“不敢,不敢。”他这一呲牙,有一种透心的邪恶,南湖老怪扑通一声又跪下了,一五一十,把肚子里知道的尽数说了出来,不但倒出了自己的,还把听来的其它妖怪与单简往来的事也都倒了出来。
原来这南湖老怪果然不是百年前那个南湖老怪,这南湖老怪本是鲤鱼成精,三十年前得了人身,占了原南湖老怪这个宅子,却也并不敢特别的掀风作浪,最多也就是刮风下雨涨水之际,借水势兴一兴波,偶尔翻艘把渔船,弄两个人尝鲜。二十年前,城隍单简突然遣人送酒肉与他,南湖老怪莫外其妙,但酒是好东西啊,喝了两次后便上了瘾,后来有一次单简却让他发水淹了南湖县,许下他一百坛好酒,南湖老怪虽然有些怕,但想着单简是城隍,城隍老爷让他淹的,与他无关,而且又贪了好酒,便发水淹了半个县,谁知不久就招来了荡魔都尉府的神兵,南湖老怪吓一大跳,只以为上了单简的当,但单简随后却又派人与他相约,可以替他摆平这一次的事,只要以后肯听话就好,且又送了好酒来,威吓利诱之下,南湖老怪也没什么想的,答应了下来,后来就一直是这样,年头年尾的,单简总会遣人送点儿酒肉来,有时也送信让他发水,事后便会多给他一些酒肉,南湖老怪后来也看出了名堂,单简这是借他的水压榨老百姓呢,这无所谓,跟他无关,不过他也多留了个心眼,把单简历年送来的信全收藏了起来,还有历年送的酒肉,也记了一个帐本。

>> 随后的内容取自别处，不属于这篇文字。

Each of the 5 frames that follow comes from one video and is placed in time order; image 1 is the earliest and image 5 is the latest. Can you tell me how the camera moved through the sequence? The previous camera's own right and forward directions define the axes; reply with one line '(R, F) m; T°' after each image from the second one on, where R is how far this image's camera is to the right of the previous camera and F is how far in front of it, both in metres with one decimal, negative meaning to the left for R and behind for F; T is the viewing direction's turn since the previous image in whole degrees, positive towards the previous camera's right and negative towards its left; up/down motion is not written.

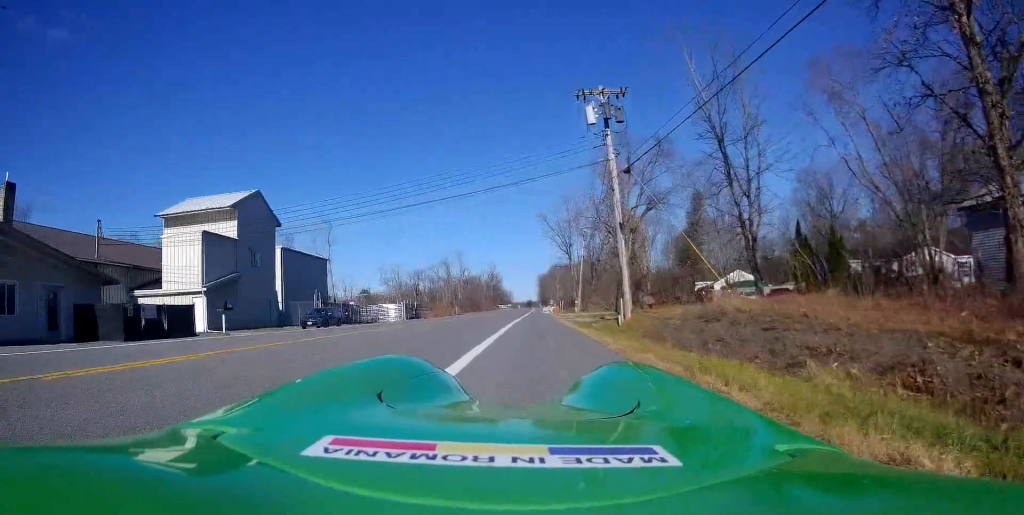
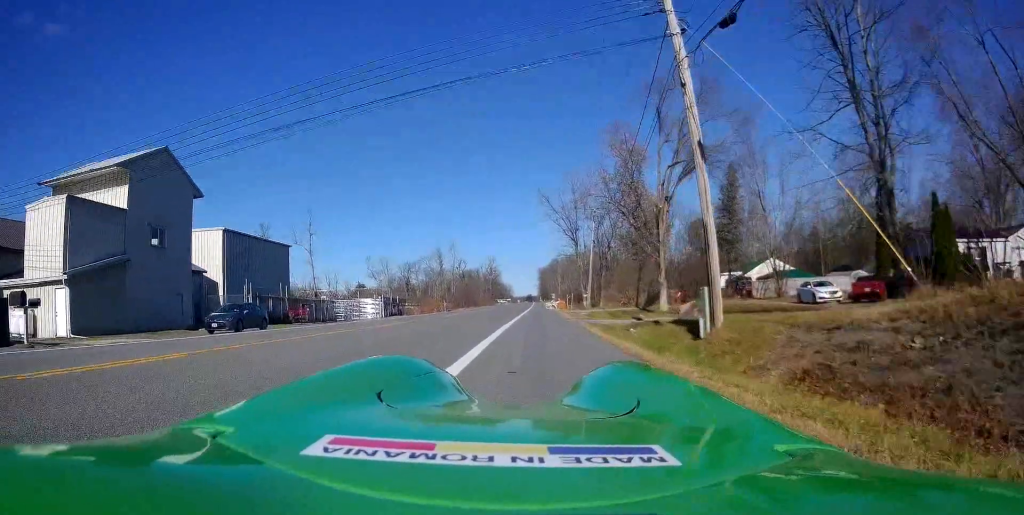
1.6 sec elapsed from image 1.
(+0.6, +11.9) m; +2°
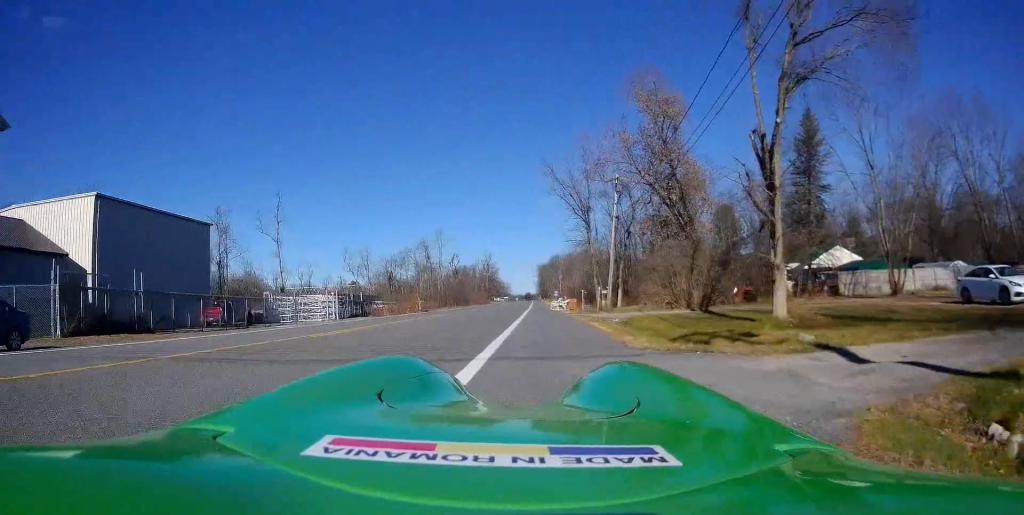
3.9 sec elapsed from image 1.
(-1.4, +16.4) m; -3°
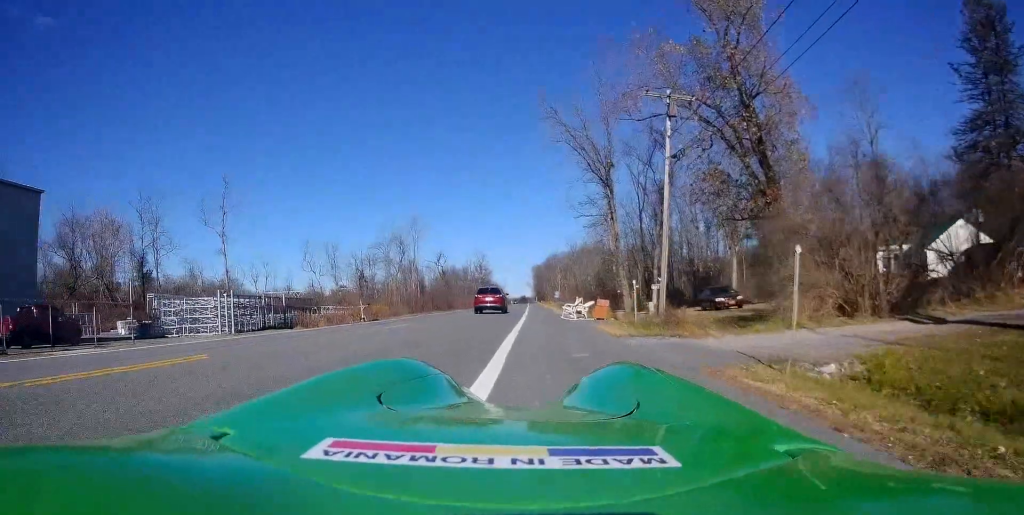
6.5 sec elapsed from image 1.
(+0.7, +19.4) m; 0°
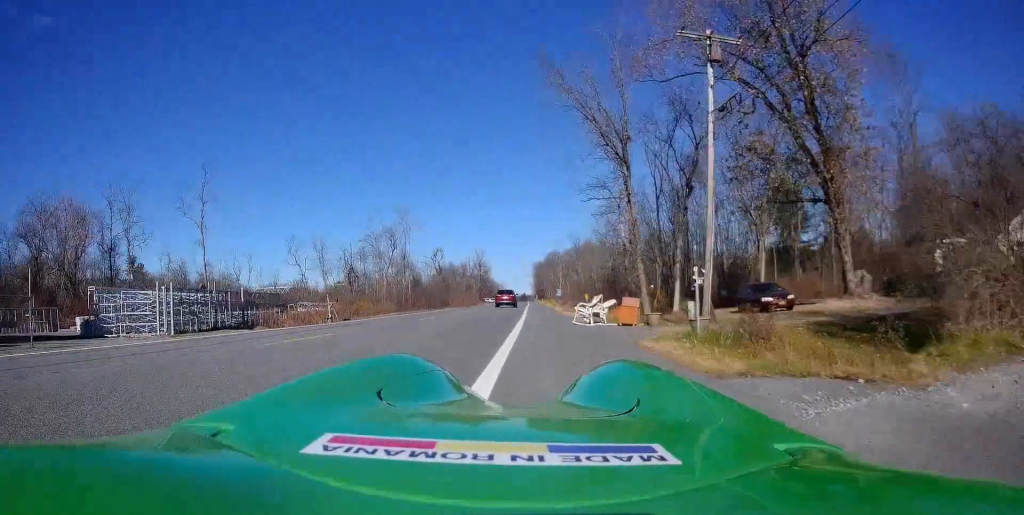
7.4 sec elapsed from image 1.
(-0.1, +6.8) m; +2°

“那略厚些的便是帐本。”南湖老怪指给于异看:“里面还有我听来的,其它几处妖怪与单简交往收授酒肉的消息,不过没有确证。”
于异翻了翻帐本,果然一条条记得清楚,某年某月某日,得酒肉若干,又某年某月某日,得信,发水淹田亩若干,大喜,赞了一句:“不想你到是个有心的妖怪。”
“谢大王,不知大王这是要-----?”
“我要收拾单肥猪,找他的罪证。”于异也不瞒他。
南湖老怪听了一颤:“我早知必有今日。”却又有些疑惑的看着于异:“可是大王你-----。”
于异明白他的意思,扬手道:“不必多问,我只问你,可愿听我之令行事。”
南湖老怪立即五体投地拜地:“小人诚心拜服,愿效感犬马之劳。”
他这拜的姿势,颇有些模样,于异越发好奇了:“你这妖,到也有趣,又识字,又有心机,说话行礼好象还有些儿文皱皱的,莫非有些来历?”